**Action item:** Scan the entries below. Report each line where the string "outdoors" occurs.
Segment Start: Data extract
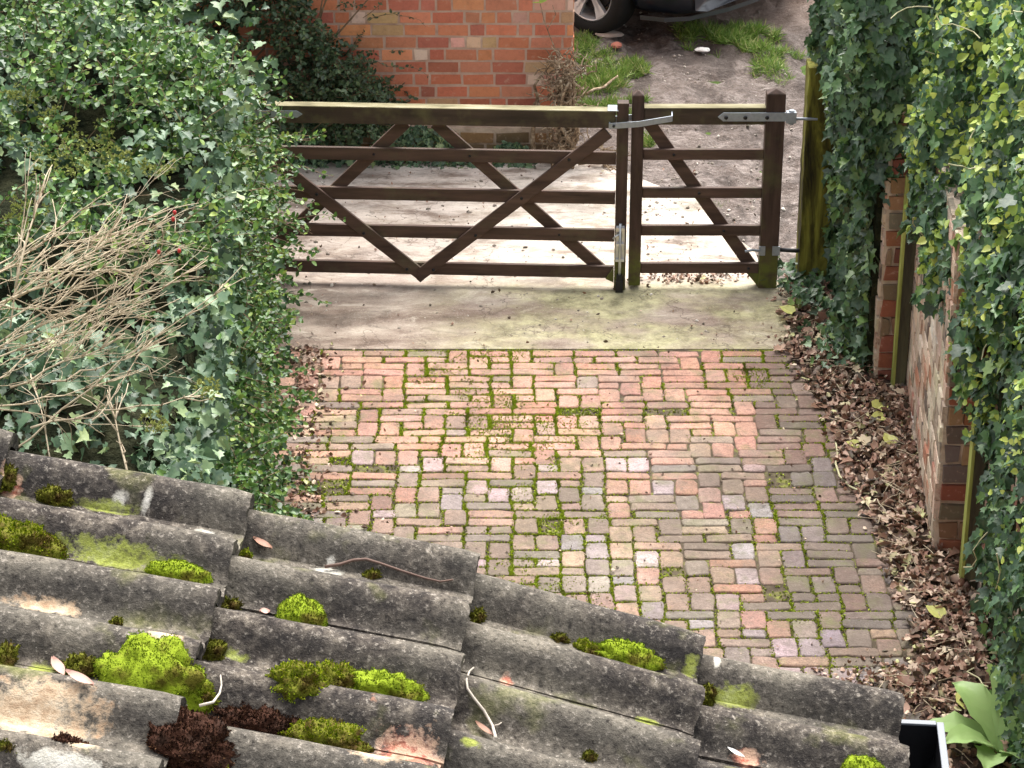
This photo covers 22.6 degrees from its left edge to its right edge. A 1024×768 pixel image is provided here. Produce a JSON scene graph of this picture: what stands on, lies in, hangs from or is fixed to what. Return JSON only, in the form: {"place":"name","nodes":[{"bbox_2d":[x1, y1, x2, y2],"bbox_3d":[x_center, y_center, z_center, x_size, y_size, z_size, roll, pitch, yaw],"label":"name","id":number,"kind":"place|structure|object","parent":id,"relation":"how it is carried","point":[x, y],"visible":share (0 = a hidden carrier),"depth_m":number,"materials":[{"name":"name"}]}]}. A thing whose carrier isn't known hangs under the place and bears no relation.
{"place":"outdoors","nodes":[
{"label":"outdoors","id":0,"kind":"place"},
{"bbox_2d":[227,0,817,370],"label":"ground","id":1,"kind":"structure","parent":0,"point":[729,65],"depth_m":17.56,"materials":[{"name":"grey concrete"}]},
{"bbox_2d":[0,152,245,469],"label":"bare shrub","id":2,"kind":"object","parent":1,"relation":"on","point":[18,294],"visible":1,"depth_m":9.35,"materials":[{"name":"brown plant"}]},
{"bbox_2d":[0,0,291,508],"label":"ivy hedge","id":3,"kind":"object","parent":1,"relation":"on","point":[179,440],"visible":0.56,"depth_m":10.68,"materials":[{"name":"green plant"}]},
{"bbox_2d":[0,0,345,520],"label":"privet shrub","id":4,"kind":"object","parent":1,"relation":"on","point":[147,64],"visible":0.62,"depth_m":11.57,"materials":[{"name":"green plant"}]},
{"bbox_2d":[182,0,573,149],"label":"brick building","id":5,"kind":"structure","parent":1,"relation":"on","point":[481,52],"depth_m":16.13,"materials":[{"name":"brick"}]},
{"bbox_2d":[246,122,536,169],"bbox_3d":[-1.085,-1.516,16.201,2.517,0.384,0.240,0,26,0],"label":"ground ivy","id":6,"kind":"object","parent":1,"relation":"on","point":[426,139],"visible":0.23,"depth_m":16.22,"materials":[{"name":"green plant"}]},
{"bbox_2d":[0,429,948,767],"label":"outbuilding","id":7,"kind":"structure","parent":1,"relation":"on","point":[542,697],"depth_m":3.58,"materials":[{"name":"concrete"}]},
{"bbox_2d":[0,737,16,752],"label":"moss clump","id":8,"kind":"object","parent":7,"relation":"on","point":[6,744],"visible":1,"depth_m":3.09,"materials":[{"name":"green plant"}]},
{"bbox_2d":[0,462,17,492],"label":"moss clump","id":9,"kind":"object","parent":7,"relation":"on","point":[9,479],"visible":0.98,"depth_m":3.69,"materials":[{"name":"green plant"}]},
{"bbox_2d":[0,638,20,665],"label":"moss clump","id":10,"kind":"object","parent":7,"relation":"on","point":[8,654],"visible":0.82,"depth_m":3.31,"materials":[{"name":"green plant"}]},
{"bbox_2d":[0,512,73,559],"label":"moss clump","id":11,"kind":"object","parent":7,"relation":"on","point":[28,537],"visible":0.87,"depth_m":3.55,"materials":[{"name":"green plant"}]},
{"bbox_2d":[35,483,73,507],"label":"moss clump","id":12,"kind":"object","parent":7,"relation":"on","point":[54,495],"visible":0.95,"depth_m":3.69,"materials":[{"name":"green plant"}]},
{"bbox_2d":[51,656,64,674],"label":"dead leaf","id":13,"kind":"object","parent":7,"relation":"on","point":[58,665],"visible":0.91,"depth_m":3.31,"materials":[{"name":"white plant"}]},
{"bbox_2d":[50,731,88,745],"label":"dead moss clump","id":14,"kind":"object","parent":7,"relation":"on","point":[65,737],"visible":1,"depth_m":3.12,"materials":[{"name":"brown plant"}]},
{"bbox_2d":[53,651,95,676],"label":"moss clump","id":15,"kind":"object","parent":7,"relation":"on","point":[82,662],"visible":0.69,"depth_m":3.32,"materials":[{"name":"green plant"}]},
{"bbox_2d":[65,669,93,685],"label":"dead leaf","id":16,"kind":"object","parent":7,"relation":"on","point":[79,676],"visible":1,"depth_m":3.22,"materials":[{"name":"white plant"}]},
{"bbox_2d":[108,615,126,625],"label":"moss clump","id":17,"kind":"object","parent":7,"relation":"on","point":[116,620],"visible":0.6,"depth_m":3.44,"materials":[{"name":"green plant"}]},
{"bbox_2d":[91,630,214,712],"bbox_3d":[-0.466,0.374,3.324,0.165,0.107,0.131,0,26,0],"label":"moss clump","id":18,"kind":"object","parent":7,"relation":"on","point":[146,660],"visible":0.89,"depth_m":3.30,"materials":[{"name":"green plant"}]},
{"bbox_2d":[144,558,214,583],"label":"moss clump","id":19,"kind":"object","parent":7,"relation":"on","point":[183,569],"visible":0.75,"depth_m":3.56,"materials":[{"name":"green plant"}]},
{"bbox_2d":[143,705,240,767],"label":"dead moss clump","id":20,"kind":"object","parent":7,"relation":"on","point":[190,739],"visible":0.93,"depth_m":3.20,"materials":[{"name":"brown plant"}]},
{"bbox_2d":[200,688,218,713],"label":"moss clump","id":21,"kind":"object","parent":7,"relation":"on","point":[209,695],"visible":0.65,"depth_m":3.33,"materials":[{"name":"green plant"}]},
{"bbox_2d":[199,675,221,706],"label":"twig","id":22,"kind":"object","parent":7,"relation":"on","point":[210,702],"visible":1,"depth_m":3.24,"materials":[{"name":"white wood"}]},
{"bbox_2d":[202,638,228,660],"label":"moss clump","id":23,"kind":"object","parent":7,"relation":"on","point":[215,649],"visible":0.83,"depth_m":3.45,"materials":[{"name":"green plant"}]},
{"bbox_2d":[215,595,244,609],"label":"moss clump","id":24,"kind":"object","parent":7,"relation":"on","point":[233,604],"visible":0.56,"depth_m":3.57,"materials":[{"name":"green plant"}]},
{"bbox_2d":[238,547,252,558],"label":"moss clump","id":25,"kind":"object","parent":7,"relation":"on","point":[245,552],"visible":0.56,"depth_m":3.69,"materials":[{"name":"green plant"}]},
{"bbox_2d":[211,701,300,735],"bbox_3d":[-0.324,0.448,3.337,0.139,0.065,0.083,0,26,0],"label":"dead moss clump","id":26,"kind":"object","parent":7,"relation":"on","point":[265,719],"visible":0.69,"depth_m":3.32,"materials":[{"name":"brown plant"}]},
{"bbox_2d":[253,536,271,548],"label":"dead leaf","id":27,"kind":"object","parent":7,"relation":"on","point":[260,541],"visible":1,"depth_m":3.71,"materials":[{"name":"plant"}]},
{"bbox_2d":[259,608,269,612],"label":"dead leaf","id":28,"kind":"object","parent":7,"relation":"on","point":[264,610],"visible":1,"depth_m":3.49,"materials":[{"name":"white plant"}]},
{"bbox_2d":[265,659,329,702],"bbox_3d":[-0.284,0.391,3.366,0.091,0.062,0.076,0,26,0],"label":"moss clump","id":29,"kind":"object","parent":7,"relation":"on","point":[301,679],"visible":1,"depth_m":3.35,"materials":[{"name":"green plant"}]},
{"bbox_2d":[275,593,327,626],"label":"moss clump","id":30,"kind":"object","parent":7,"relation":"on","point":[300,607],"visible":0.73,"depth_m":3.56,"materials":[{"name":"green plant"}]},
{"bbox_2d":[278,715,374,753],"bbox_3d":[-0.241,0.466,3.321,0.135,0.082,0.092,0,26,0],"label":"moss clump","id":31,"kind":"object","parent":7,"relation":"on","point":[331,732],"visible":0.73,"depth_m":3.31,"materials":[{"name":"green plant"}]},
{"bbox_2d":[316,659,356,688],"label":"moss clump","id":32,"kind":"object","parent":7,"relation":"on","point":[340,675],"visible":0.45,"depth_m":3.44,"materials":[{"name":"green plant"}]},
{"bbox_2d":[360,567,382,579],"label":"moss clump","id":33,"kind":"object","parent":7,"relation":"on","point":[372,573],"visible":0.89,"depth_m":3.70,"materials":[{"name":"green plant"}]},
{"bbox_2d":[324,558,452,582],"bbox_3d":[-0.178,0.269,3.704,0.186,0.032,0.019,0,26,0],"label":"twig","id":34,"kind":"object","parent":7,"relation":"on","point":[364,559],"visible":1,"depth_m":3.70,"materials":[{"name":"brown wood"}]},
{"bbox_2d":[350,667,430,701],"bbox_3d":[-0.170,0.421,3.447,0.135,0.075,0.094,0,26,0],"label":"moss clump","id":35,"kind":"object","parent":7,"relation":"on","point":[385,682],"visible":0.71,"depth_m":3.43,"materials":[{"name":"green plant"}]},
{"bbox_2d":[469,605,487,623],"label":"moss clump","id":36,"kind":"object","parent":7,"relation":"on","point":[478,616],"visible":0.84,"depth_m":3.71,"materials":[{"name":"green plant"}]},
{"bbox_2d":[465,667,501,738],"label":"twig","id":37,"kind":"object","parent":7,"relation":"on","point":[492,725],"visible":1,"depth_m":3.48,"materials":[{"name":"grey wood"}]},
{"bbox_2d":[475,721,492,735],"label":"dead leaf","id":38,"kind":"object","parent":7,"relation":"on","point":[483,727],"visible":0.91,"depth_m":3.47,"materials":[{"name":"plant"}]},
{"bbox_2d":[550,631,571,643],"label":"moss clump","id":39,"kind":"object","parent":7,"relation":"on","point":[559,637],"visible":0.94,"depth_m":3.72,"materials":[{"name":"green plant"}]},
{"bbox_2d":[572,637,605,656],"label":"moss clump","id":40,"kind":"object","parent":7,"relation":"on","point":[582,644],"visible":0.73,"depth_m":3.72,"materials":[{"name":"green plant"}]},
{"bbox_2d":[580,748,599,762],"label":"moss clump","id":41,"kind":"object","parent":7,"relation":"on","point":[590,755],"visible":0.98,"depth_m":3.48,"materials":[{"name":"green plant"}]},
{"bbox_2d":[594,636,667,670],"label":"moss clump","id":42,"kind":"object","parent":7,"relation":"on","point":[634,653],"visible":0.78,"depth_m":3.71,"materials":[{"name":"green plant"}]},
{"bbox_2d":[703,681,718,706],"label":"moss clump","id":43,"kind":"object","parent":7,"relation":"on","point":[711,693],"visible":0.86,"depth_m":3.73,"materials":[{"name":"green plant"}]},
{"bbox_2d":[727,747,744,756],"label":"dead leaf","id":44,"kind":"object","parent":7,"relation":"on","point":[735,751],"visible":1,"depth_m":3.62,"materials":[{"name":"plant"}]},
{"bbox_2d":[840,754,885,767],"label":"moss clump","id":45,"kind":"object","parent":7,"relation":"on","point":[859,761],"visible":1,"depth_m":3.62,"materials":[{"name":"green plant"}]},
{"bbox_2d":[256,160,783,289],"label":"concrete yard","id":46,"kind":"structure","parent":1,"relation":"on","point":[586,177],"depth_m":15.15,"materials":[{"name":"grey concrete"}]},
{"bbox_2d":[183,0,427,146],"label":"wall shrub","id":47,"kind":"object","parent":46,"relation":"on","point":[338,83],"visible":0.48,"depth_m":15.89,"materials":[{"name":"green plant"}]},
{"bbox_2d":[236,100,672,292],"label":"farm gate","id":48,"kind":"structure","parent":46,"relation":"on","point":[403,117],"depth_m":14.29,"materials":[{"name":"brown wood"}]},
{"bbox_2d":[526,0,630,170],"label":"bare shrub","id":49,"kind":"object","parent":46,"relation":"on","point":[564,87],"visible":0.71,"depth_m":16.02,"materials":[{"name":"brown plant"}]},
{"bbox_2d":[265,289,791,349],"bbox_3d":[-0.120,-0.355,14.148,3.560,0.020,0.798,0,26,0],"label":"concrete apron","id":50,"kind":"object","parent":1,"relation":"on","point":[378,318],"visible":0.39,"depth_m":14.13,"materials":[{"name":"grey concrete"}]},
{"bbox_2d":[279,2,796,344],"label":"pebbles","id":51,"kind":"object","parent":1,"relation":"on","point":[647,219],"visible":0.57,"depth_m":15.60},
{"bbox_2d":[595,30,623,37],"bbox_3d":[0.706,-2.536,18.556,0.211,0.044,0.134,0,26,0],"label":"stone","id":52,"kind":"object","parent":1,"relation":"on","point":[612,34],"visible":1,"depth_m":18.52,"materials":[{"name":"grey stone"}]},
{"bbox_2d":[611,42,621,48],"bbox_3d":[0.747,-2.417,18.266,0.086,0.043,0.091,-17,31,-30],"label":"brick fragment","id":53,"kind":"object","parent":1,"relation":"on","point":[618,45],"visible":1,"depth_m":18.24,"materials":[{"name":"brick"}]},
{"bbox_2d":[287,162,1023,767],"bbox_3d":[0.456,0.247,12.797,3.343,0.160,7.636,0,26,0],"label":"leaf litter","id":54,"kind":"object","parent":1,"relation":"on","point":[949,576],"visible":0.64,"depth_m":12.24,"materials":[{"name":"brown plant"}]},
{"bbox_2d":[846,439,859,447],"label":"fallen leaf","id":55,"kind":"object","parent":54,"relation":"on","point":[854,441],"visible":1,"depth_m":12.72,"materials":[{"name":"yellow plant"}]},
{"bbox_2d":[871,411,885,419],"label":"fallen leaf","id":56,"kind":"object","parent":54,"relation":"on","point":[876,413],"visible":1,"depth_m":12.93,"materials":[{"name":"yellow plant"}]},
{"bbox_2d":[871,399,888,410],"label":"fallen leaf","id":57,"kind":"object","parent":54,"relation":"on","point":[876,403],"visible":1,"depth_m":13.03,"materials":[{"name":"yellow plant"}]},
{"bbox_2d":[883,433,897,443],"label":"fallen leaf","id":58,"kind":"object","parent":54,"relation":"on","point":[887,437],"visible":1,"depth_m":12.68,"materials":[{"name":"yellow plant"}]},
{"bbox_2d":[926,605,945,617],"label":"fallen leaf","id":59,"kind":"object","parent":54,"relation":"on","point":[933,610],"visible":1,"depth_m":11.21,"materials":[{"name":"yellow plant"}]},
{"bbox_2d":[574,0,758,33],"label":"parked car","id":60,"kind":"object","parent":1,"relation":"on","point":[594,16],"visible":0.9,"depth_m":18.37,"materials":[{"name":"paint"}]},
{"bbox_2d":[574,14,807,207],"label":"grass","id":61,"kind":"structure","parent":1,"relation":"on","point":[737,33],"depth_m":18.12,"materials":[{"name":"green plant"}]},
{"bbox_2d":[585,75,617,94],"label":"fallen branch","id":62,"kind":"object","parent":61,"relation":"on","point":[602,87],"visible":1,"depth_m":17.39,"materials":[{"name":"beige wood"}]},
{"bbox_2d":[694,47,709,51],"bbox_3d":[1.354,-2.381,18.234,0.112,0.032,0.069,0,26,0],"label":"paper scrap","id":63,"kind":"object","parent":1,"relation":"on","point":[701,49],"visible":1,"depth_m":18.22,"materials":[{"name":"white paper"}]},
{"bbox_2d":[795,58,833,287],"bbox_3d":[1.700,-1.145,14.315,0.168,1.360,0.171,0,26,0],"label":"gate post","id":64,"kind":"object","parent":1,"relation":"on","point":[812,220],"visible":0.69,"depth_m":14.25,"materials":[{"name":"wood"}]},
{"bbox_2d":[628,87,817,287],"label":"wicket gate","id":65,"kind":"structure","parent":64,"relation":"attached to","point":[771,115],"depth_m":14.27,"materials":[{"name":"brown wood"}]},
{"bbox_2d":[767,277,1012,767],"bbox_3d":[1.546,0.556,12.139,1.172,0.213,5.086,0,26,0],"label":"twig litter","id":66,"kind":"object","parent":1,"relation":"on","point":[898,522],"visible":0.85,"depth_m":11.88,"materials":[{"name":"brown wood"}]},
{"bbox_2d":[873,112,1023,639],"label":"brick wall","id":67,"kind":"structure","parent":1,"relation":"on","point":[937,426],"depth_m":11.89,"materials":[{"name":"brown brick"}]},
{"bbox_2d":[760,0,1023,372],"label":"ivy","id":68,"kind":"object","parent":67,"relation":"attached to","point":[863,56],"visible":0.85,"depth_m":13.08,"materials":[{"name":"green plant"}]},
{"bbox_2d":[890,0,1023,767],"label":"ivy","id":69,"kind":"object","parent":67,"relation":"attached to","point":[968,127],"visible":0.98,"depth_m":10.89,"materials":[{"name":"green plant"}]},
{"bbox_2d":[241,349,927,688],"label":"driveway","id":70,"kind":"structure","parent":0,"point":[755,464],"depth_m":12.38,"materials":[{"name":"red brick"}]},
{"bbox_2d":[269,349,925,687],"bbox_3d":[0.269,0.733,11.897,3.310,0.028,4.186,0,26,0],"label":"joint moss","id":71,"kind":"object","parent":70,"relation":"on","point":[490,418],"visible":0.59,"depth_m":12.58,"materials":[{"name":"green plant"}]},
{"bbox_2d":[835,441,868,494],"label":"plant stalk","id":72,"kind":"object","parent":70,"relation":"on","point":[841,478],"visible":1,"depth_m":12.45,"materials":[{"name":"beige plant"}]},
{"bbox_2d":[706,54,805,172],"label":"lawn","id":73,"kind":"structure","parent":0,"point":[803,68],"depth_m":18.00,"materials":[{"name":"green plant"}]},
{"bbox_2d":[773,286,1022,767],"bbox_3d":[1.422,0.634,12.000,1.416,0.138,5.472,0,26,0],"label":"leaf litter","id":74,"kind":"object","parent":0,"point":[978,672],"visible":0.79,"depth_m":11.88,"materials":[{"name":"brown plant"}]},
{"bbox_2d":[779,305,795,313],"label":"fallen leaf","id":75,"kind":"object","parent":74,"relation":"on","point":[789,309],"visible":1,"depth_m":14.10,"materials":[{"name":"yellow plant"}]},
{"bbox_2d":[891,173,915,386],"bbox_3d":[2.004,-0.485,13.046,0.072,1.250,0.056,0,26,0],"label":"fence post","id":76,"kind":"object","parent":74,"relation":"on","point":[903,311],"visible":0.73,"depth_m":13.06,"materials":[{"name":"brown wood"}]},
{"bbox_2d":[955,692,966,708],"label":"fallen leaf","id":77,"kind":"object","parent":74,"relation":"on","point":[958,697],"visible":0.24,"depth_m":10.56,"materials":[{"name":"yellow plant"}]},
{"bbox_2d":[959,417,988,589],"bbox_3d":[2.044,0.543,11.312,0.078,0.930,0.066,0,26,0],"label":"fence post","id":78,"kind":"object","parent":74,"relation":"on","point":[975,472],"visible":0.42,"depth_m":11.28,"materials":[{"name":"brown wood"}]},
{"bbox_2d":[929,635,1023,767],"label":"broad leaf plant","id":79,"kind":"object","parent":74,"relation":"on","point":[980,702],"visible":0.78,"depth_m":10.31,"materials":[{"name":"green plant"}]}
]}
Segment End: Data extract
**Answer box:**
{"place":"outdoors","nodes":[
{"label":"outdoors","id":0,"kind":"place"},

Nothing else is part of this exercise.